» **What you are asked to do**
Every line with "width" in it must be copied from the data.

--- Extracted information ---

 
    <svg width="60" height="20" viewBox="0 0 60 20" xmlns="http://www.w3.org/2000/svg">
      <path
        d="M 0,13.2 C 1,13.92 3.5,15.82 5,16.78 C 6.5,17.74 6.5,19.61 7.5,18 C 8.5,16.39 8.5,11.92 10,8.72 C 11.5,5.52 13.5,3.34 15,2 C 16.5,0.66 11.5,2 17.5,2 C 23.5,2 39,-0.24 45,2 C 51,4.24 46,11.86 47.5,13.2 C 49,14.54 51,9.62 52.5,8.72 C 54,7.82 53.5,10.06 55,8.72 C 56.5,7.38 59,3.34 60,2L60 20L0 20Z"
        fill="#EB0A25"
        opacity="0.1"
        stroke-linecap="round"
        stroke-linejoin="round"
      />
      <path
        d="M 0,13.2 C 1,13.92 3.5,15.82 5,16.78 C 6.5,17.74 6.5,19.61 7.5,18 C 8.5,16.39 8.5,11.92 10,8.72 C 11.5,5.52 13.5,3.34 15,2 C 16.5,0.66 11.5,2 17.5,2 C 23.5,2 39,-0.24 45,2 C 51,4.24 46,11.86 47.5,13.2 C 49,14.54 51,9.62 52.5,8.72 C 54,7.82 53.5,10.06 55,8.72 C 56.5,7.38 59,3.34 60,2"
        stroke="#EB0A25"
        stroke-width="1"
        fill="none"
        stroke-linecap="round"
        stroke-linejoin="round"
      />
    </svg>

---

» **Task output**
    <svg width="60" height="20" viewBox="0 0 60 20" xmlns="http://www.w3.org/2000/svg">
        stroke-width="1"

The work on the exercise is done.